Regulation of insurance under the National Credit Code
Credit-related insurance
Credit-related insurance contracts are regulated under Part 8 of the National Credit Code (the “Code”). A credit-related insurance contract is a contract for insurance that is in connection with a consumer credit contract regulated by the Code and that is one of the following types:
consumer credit insurance (“CCI”);
mortgaged property insurance; or
insurance prescribed by the National Consumer Credit Regulations 2010 (Cth) (the “Regulations”) - as of the date of this article, none is prescribed under the Regulations.
The Code does not apply to insurance for an extended warranty for goods, or insurance over property that is not mortgaged to secure obligations under a regulated credit contract.
Prohibition on compulsory insurance
With some limited exceptions, the Code does not allow a credit provider or a supplier of goods or services to require a debtor or guarantor to take out insurance or to pay the cost of insurance taken out or arranged by the credit provider or supplier. In addition, credit providers and suppliers must not represent to a debtor or guarantor that they are required to pay the cost of such insurance.
The above prohibition does not apply to the following types of insurance:
compulsory third party personal injury insurance;
mortgage indemnity insurance (also known as lenders mortgage insurance); and
insurance over mortgaged property.
A credit provider or supplier is also not allowed to require a debtor or guarantor to take out insurance with a particular insurer (unless the insurer is only one providing the relevant type of insurance) or to make unreasonable requirements as to the terms on which the debtor or guarantor must take out insurance.
Financing mortgaged property insurance
A credit provider must not knowingly provide credit to the debtor to pay the premium or finance the premium on insurance taken out by the debtor over mortgaged property for a period of insurance exceeding 1 year. However, the credit provider may provide credit for or finance successive premium payments for periods of 1 year or less.
In addition, the credit provider must not knowingly debit the premium to the debtor’s account more than 30 days before the beginning of the period of insurance to which it relates.
Commission caps
Any commission paid by an insurer in connection with a consumer credit insurance taken out, or paid for, by the debtor must not exceed 20% of the premium (excluding government charges). The commission cap applies to any commission accepted by the credit provider, the supplier where there is a tied loan contract or continuing credit contract, or the agent of the credit provider or supplier.
If a commission exceeds the 20% cap, the insured is entitled to recover the whole amount or value of the commission from the credit provider or supplier.

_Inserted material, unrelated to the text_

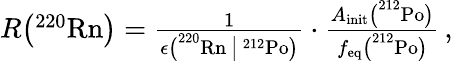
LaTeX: \begin{array}{r}{R\big(\mathrm{^{220}Rn}\big)=\frac{1}{\epsilon\big(^{220}\mathrm{Rn}\, \big|\, ^{212}\mathrm{Po}\big)}\cdot\frac{A_{\mathrm{init}}\big(^{212}\mathrm{Po}\big)}{f_{\mathrm{eq}}\big(^{212}\mathrm{Po}\big)}\, ,}\end{array}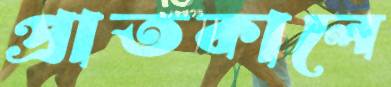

The Australian Securities and Investments Commission Act 2001 (Cth) (the “ASIC Act”) gives ASIC the power to set a cap on the value of commissions provided in connection with an add-on insurance product provided to a consumer in connection with the sale or long-term lease of a motor vehicle, the provision of credit connected with the sale or long-term lease of a motor vehicle, or the provision of a warranty in connection with the sale or long-term lease of a motor vehicle. An add-on insurance product includes CCI as well as other risk products typically sold by car dealers. ASIC has not yet set a cap on commissions for these products.
Copy of credit-related insurance contract
If the premium under a credit-related insurance contract is financed under the credit contract, the insurer must ensure that a copy of the policy of the insurance is given to the debtor within 14 days after acceptance of the insurance proposal by the insurer. This requirement does not apply to compulsory third party personal injury insurance.
If the debtor has a beneficial interest in the insurance policy, the credit provider is required to provide the debtor with a written notice setting out the particulars of the policy (as prescribed by the Regulations) within 14 days of the debtor acquiring the beneficial interest.
Credit contract document
If a credit provider knows that the debtor is entering into a credit-related insurance contract and that the insurance is to be financed under the credit contract, the credit contract document must contain:
the name of the insurer;
the amount payable to the insurer, or if it is not ascertainable, its calculation;
the kind of insurance and any other particulars prescribed by the Regulations; and
a statement that commission paid by the insurer for the introduction of the insurance business (if any) is to be paid, and the commission amount (if ascertainable).
Account statements
If, payment to an insurer is made under a credit-related insurance contract which is to be financed under the credit contract during a statement period of a regulated credit contract, the statement of account must contain:
the name of the insurer, the amount paid to the insurer and the kind of insurance; and
if the credit provider is aware of any commission to be paid by the insurer in relation to the insurance contract, the amount of commission (if ascertainable) when the statement is given.
However, the above information is not required to be included in a statement of account if it has previously been disclosed to the debtor in accordance with another provision of the Code.
Hawking prohibition and deferred sales model
Insurance products offered or sold in connection with credit products are subject to the anti-hawking provisions in the Corporations Act 2001 (Cth). For further information, please see our “Anti-hawking explained“ article.
Add-on insurance products are also subject to a deferred sales model under the ASIC Act.